Jochen Stanzl begann seine Karriere in der Finanzdienstleistungsbranche als Mitbegründer der BörseGo AG (jetzt stock3 AG), wo er 18 Jahre lang mit den Marken GodmodeTrader sowie Guidants arbeitete und Marktkommentare und Finanzanalysen erstellte.

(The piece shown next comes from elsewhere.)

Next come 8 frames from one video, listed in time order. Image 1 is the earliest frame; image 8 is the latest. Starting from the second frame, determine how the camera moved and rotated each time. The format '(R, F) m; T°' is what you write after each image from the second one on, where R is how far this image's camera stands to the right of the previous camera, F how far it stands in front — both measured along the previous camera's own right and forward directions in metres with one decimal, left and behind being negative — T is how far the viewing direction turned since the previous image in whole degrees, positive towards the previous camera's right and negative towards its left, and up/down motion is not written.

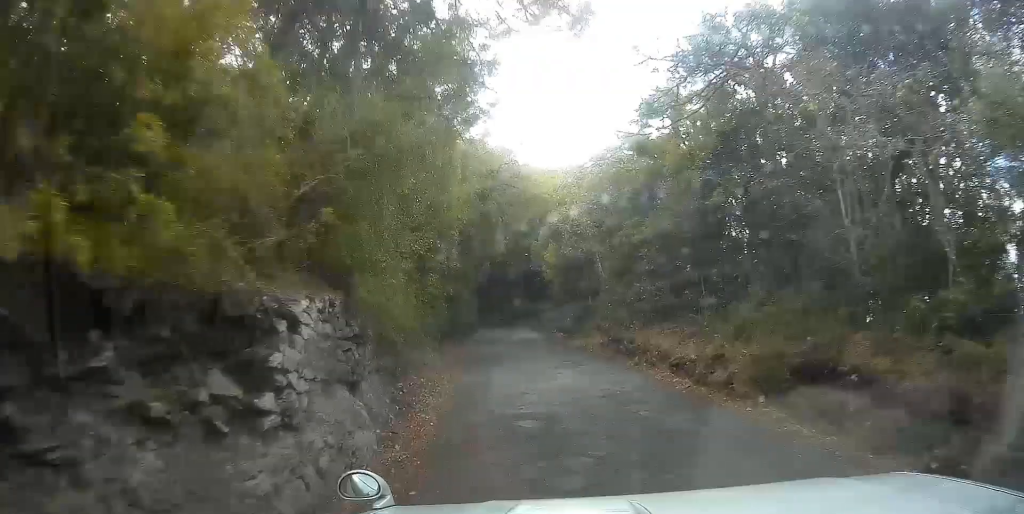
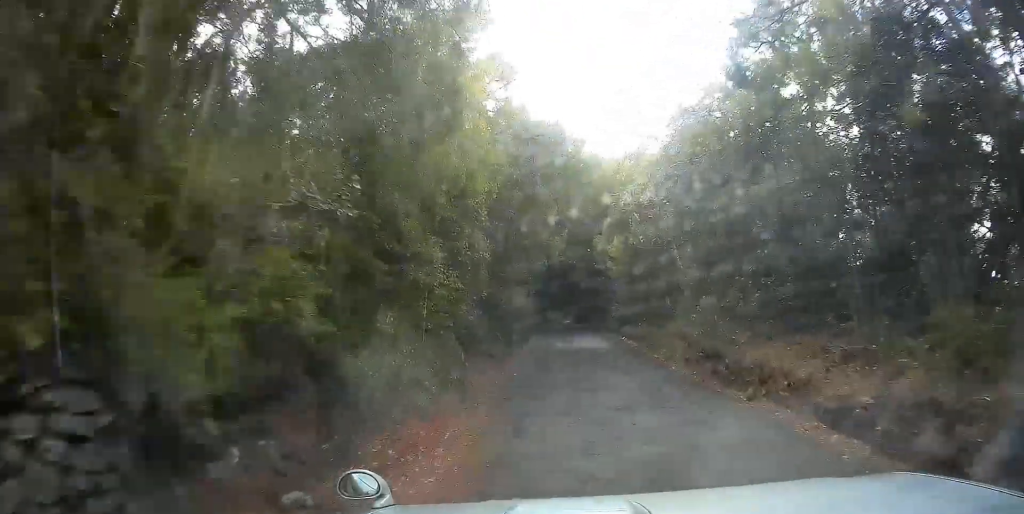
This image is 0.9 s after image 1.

Er kam im Jahr 2015 nach Frankfurt zu CMC Markets Deutschland, um seine langjährige Erfahrung einzubringen, mit deren Hilfe er die Finanzmärkte analysiert und aufschlussreiche Stellungnahmen für Medien wie auch für Kunden verfasst. Er ist zu Gast bei TV-Sendern wie Welt, Tagesschau oder n-tv, wird zitiert von Reuters, Handelsblatt oder DPA und sendet seine Einschätzungen über Livestreams auf CMC TV.

Jochen Stanzl verfolgt einen kombinierten Ansatz, der technische und fundamentale Analysen einbezieht. Dabei steht das 123-Muster, Kerzencharts und das Preisverhalten an wichtigen, neuralgischen Punkten im Vordergrund. Jochen Stanzl ist Certified Financial Technician” (CFTe) beim Internationalen Verband der technischen Analysten IFTA.